Плакать и злиться было от чего – золотые слова, наконец, прозвучали. «Мы тебе говорили, но ты не слушала, упиралась. Теперь, когда прижало, примчалась с поджатым хвостом. Будешь знать в следующий раз. Мы рады, что так вышло, мы оч-чень рады!».
– Любите пинать лежачего, – промолвила Лариса, кое-как справившись с эмоциями. – Ваше любимое занятие.
– Погоди…
– Нет, это ты подожди, пап! – Она повернулась к ним лицом, продемонстрировав черные разводы под глазами от расплывшейся туши. – Получили свое мясо с кровью, теперь помолчите. Я и без вас знаю, что ошиблась. У меня должен быть рыцарь на белом коне, а вышло черт знает что… Бесхребетный и безответственный пацан, да еще и хулиган. Я три года надеялась, что он возьмется за ум, три года не спала ночами, выучила наизусть телефоны всех вытрезвителей и моргов. Мама, ты и представить себе не можешь, что это такое, потому что твой муж никогда так не поступал.

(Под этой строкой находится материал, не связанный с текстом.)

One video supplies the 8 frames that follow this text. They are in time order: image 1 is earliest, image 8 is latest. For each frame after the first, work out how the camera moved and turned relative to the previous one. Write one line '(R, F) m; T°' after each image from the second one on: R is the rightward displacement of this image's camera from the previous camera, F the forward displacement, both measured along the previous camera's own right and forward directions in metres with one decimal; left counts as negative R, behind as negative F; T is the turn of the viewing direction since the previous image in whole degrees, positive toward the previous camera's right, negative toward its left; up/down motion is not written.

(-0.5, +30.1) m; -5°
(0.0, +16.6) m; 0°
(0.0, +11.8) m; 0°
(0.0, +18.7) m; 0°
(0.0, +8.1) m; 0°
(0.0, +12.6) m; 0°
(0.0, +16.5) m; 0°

– Твой папа меня по-другому изводил…
– Не важно, у каждого свои тараканы. Но всему есть предел. У Игоря были шансы, только он их не использовал, и я не могу бесконечно начинать с чистого листа.
Лариса перевела дух, шмыгнула носом. Родители молча смотрели на нее.

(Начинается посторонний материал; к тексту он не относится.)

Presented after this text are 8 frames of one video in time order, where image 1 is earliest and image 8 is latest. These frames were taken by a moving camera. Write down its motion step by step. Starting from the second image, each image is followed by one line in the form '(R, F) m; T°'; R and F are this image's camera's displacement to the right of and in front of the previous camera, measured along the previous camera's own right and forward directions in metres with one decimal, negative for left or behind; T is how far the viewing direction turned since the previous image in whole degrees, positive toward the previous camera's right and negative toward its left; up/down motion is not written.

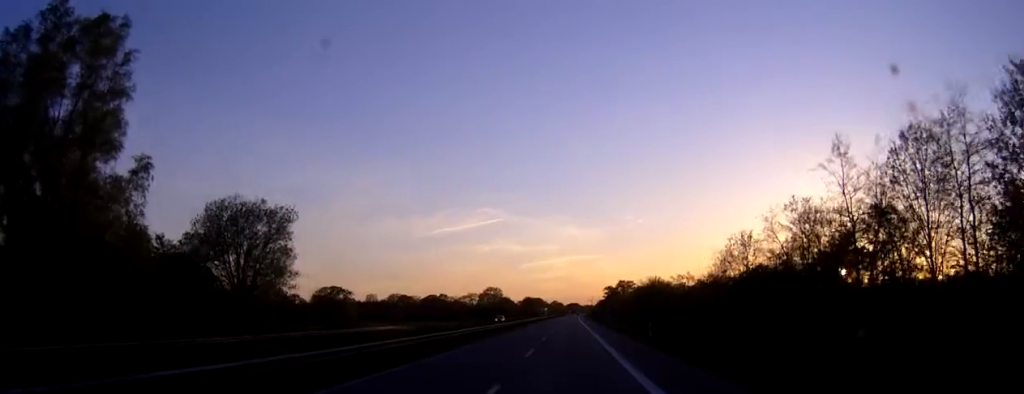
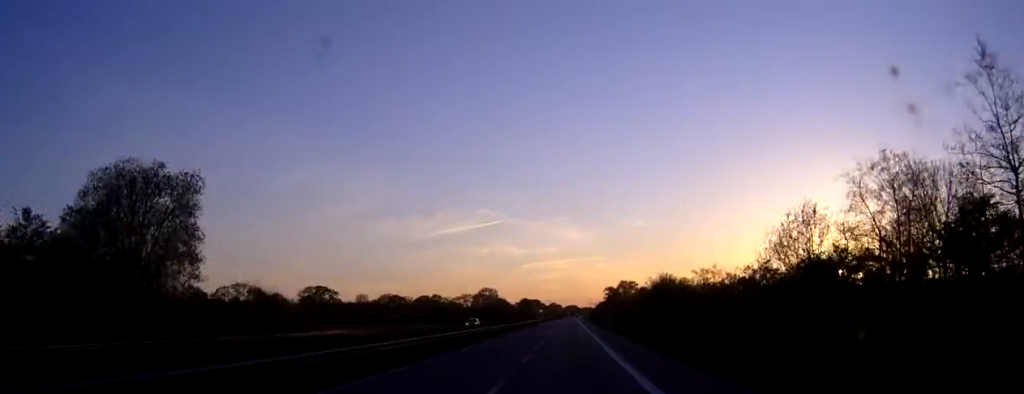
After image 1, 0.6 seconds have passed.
(0.0, +18.0) m; 0°
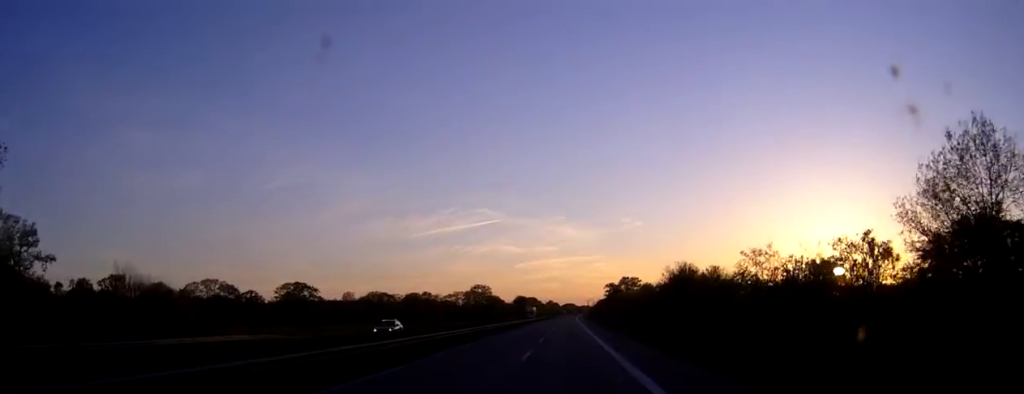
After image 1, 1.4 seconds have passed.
(-0.1, +22.7) m; 0°
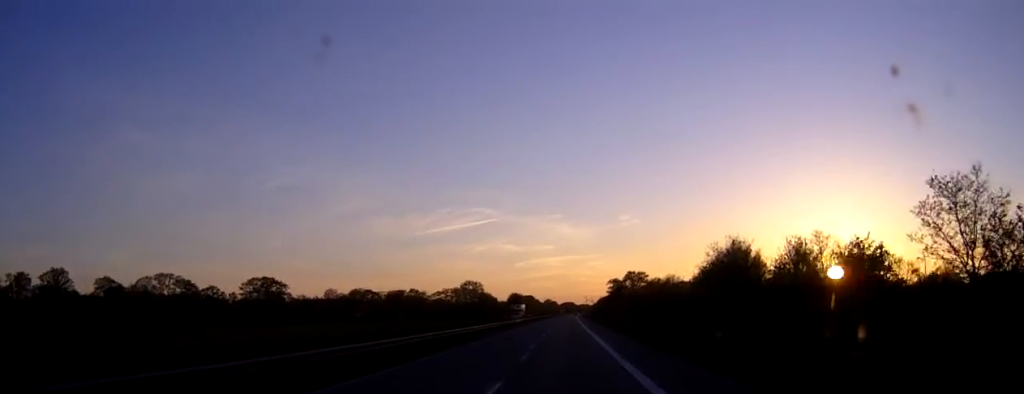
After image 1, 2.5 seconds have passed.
(+0.1, +31.1) m; 0°
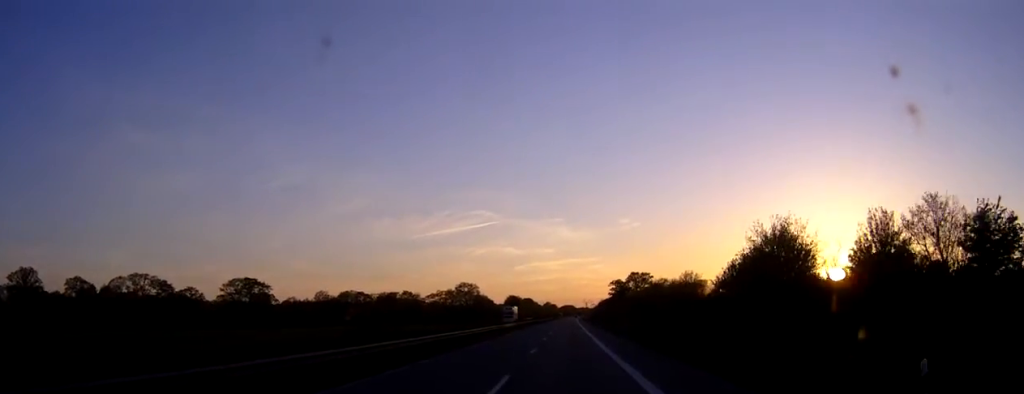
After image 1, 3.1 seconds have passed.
(0.0, +15.0) m; 0°
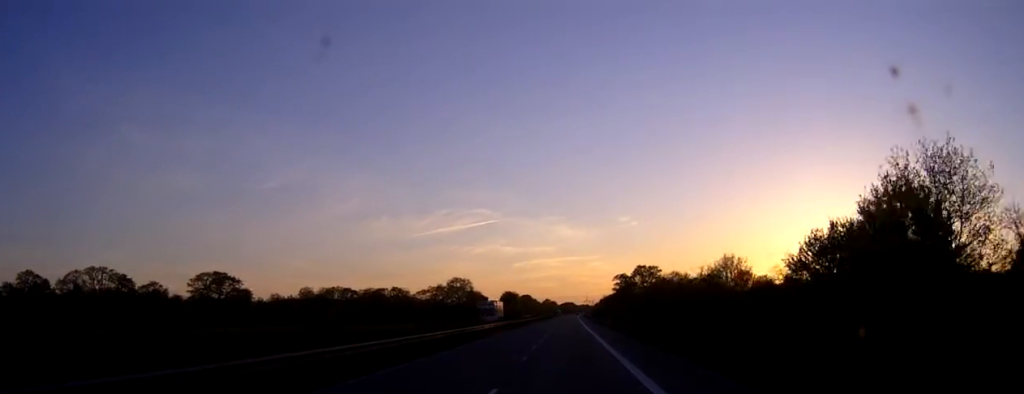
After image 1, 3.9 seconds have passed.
(0.0, +22.6) m; 0°
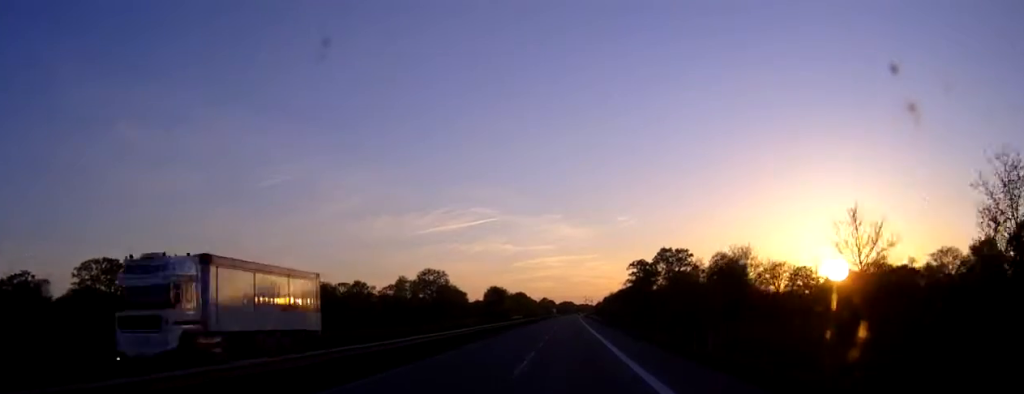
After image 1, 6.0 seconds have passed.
(+0.2, +59.4) m; 0°
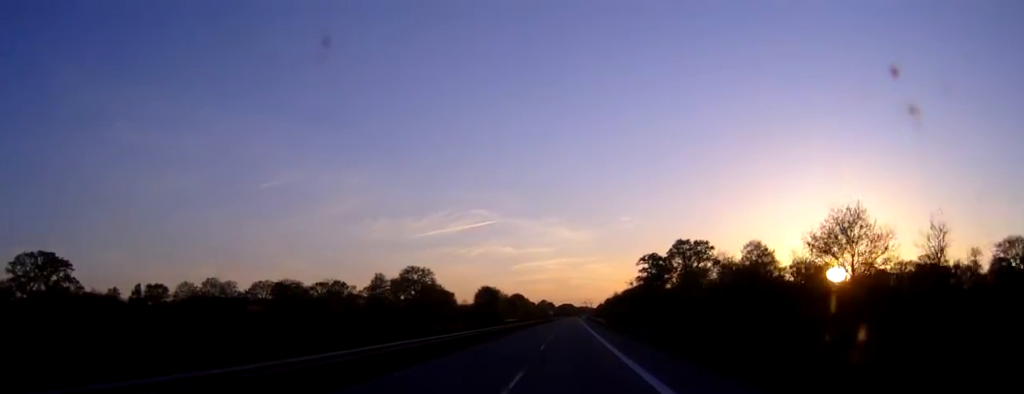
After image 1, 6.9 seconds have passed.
(0.0, +25.4) m; 0°

– Удивлены? Ну да… я долго молчала, потому что скорее себя подставлю, чем сдам вам вашего зятя. Сами воспитали. Как там у вас принято? «Был бы мужик с руками-ногами и семья в полном составе, стерпится-слюбится». А я не хочу гробить свою жизнь на человека, который не знает чего хочет, торчит в кабаке в то время, когда у меня давление, а у сына – жар. Пьяные поцелуи с утра, «прости, дорогая, больше не буду», а потом все сначала. Устала я, вы можете понять?! Мне двадцать пять лет всего!
Родители продолжали молчать.
– Можно было бы разобраться с его пьянками и с прочим, – продолжила Лариса, – но моего сына он ничему не может научить, ничего не может ему дать, потому что его багажник пуст! Одно дело дружить и гулять, другое – строить семью, и если бы я шесть лет назад хоть чуть-чуть переждала, не была бы сейчас женой балбеса, отсидевшего срок за хулиганство. Пусть он сам выплачивает свои долги и ущерб, а я скидываю вещи в чемодан, забираю Максимку и исчезаю. И это больше не обсуждается.
Лариса снова села на диван, взяла пакет с соком и сделала несколько больших глотков. Молчанию родителей пришел конец.
– Где собираешься прятаться? – спросил Александр Никифорович.
– Сниму квартиру.
– Это дорого. На что вы будете жить?
– Жили же как-то раньше.
– Но… – Отец осекся. Ему казалось, что решение проблемы лежит на ладони. – Может, вам пожить у нас?
– Нет. Ты хочешь наблюдать сцену долгожданной встречи?
– Не знаю... Но все-таки мне кажется, что у Максимки должен быть отец. Пусть я старомоден, но…
– Ты прав. Отец должен быть, и он будет. Но не Игорь.
Эта последняя фраза Ларисы подключила к разговору мать.
– Шлюх нам в семье еще не хватало!
– Что?! – Ларису передернуло. – Что ты сказала?!
– Что слышала! Я не позволю тебе на глазах у моего внука блядовать с кем ни попадя!
У Ларисы глаза сделались круглыми. Такого от своей родной матери ей слышать еще не приходилось. Пожалуй, и ее отцу тоже. Это климакс.
– Люда, ну ты тоже, елки зеленые!.. – воскликнул Александр Никифорович.
– Спасибо, мамочка, – процедила Лариса, опасаясь, что опять расплачется. – Я поняла, что ты хочешь сказать. Ладно, я пойду, пока Максимка не начал капризничать.